Kai Lung Raises His Voice
- Cover of the first edition
- Author: Ernest Bramah
- Cover artist: Jin Liying (1772–1807)
- Language: English
- Series: Kai Lung
- Genre: Fantasy
- Publisher: Durrant Publishing
- Publication date: 2010
- Publication place: United Kingdom
- Media type: Print (paperback), ebook (Kindle/Mobipocket, ePub)
- Pages: x, 225
- ISBN: 978-1-905946-10-5
- Preceded by: Kai Lung: Six

= Kai Lung Raises His Voice =

2010 collection of fantasy stories by Ernest Bramah

Kai Lung Raises His voice is a collection of fantasy stories by English writer Ernest Bramah featuring Kai Lung, an itinerant story-teller of ancient China. It was first published in 2010 in paperback and ebook in the United Kingdom by Durrant Publishing, and is available world-wide.

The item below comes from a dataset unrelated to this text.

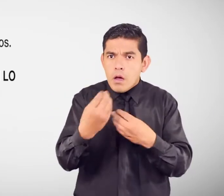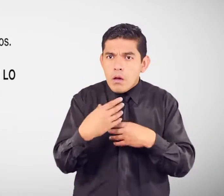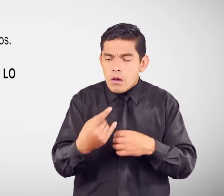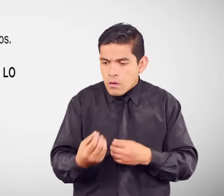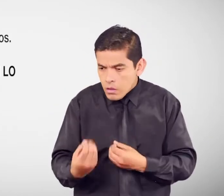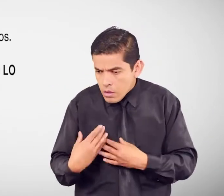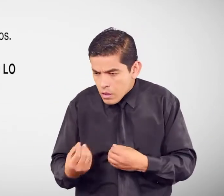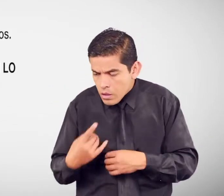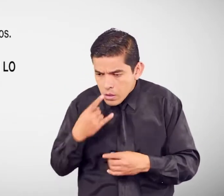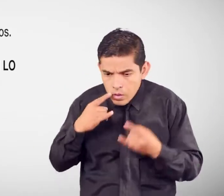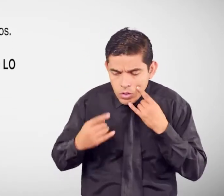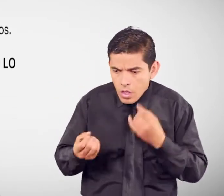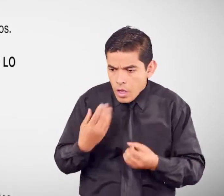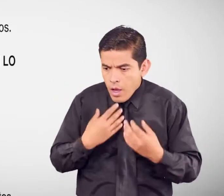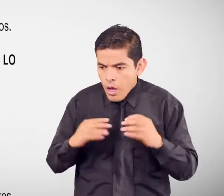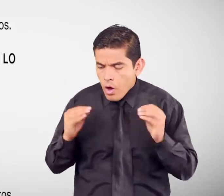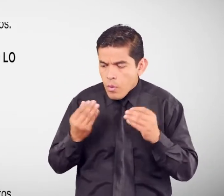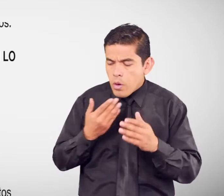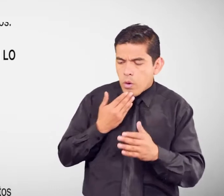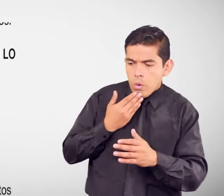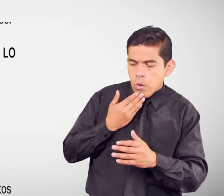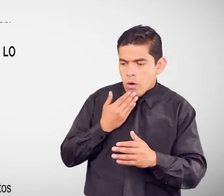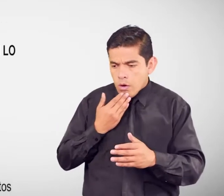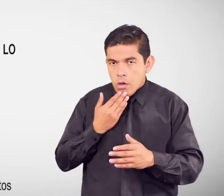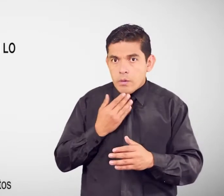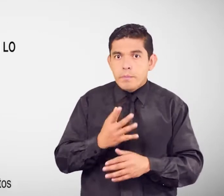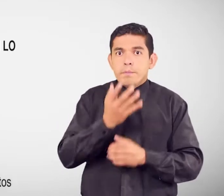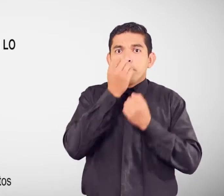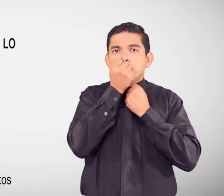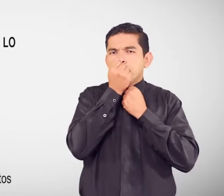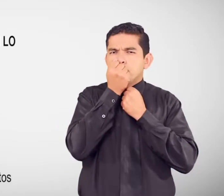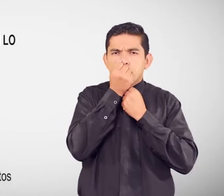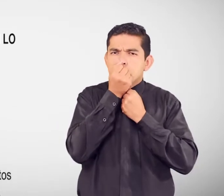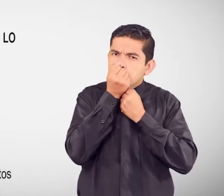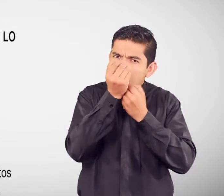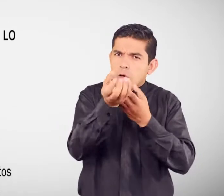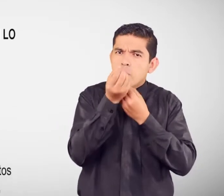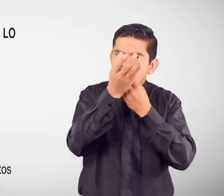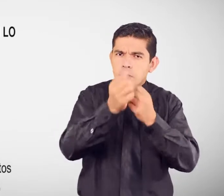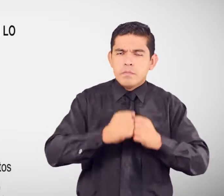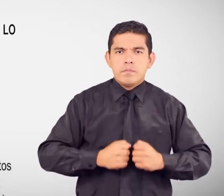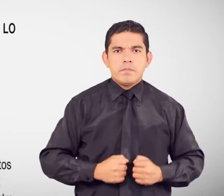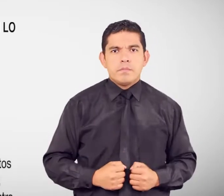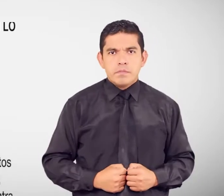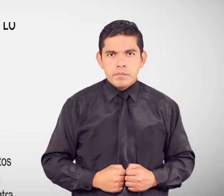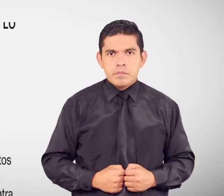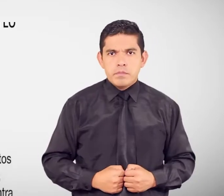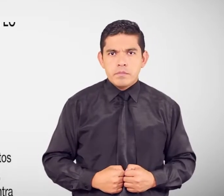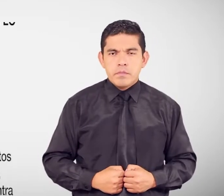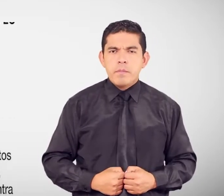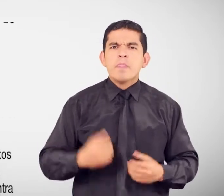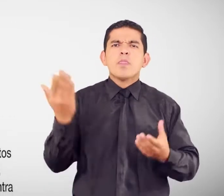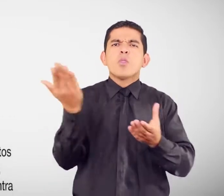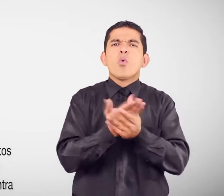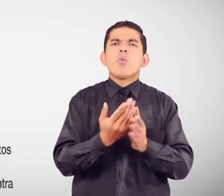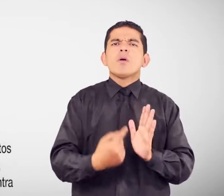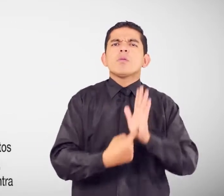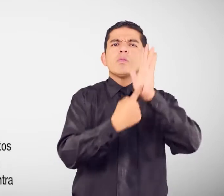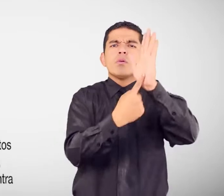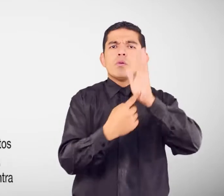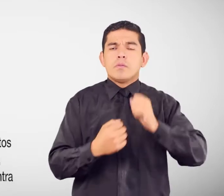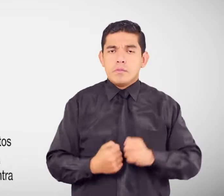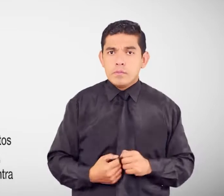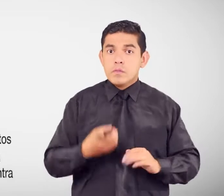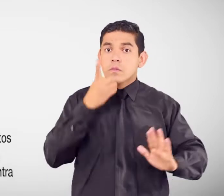adolescentes No te quedes callado Documentos que se deben presentar Denuncia verbal o por escrito
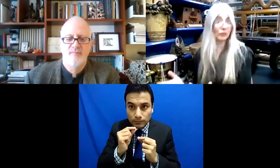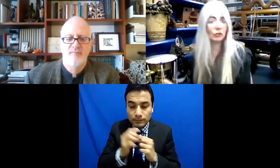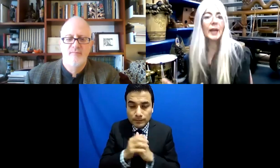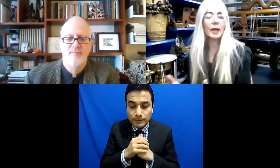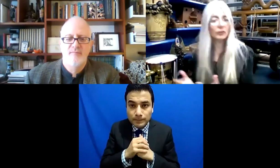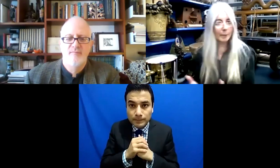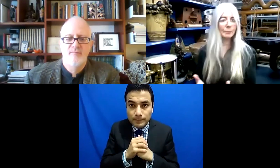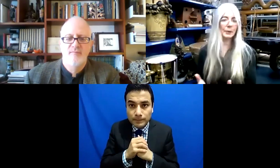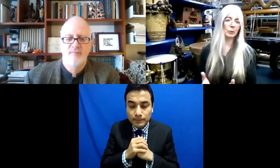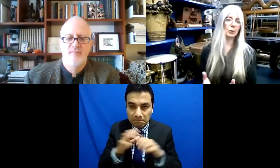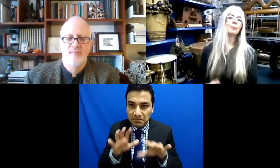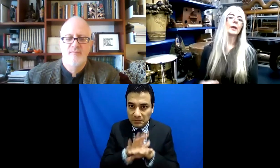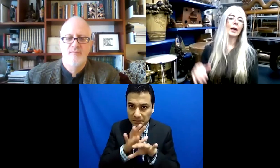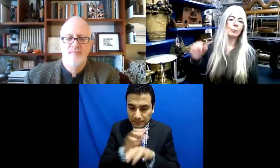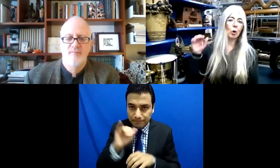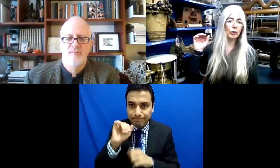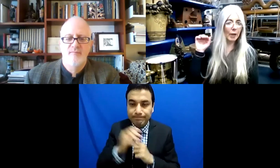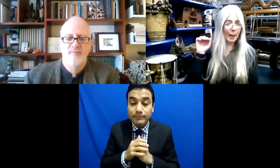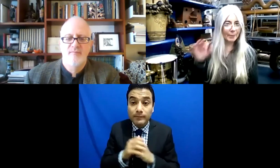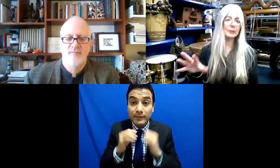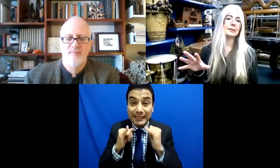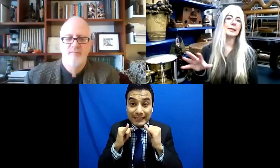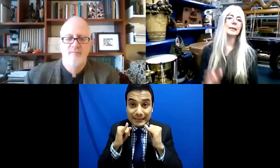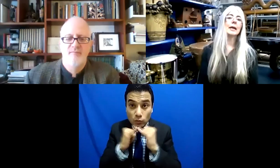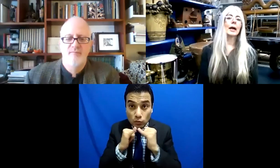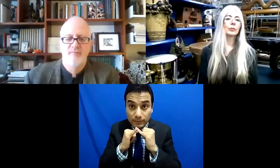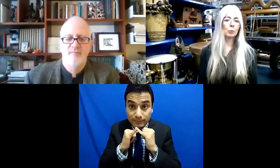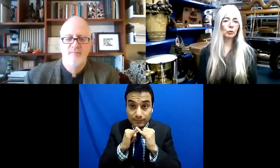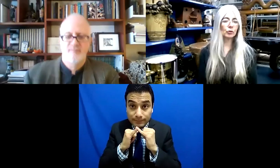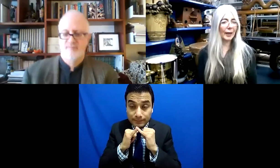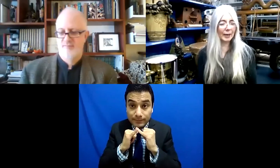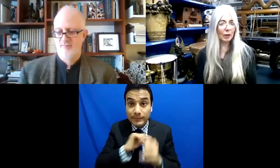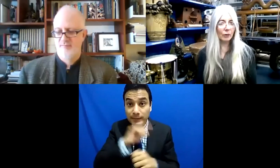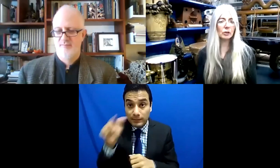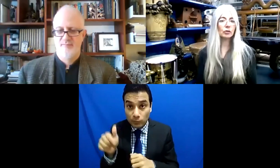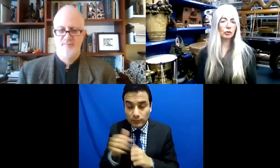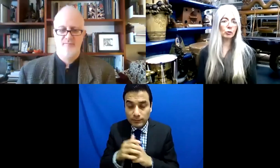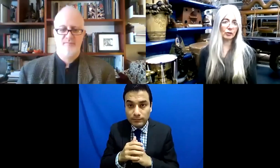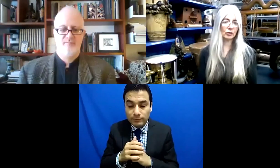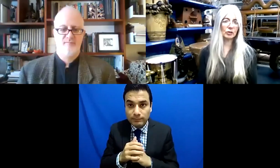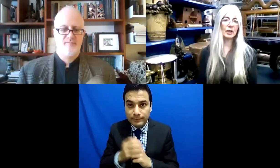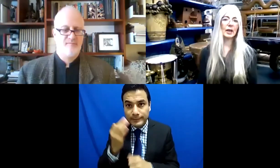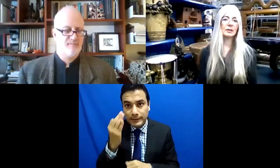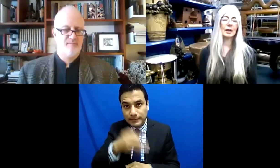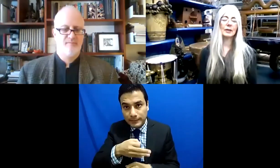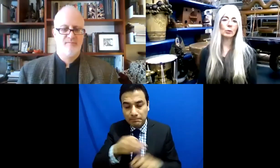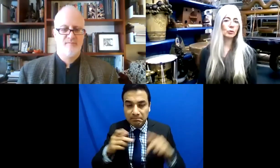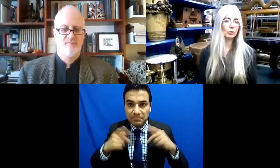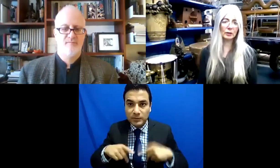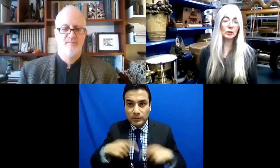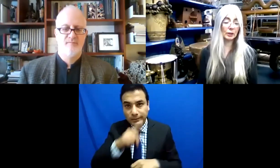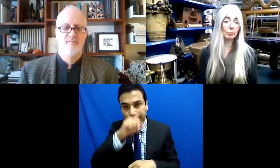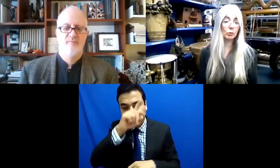las instituciones aceptaran. A los músicos en función de sus habilidades

The collection gathers into book form the final six Kai Lung stories published by the author during his lifetime, which originally appeared in the magazine Punch and first appeared in book form in Kai Lung: Six, together with the one Kai Lung story from The Specimen Case and four previously unpublished stories, originally written before 1905, transcribed from the Bramah archives at the Harry Ransom Center by William Charlton.

==Contents==
- "Preface" (by William Charlton)
- "The Subtlety of Kang Chieng" (previously unpublished)
- "Ming Tseuen and the Emergency"
- "Lam-Hoo and the Reward of Merit"
- "Chung Pun and the Miraculous Peacocks"
- "Yeun Yang and the Empty Lo-Chee Crate"
- "Sing Tsung and the Exponent of Dark Magic"
- "Kwey Chao and the Grateful Song Bird"
- "Li Pao, Lucky Star and the Intruding Stranger"
- "The Cupidity of Ah Pak or Riches No Protection Against Thunderbolts" (previously unpublished)
- "The Romance of Kwang the Fruit Gatherer" (previously unpublished)
- "The Destiny of Cheng, the Son of Sha-kien of the Waste Expanses" (previously unpublished)

The ebook contains one additional story, an alternative version of "The Romance of Kwang the Fruit Gatherer":
- "The Emperor Who Meant Well" (previously unpublished)

== Reviews ==
- Reviewed in The Tablet, 2 September 2010, by Anthony Lejeune.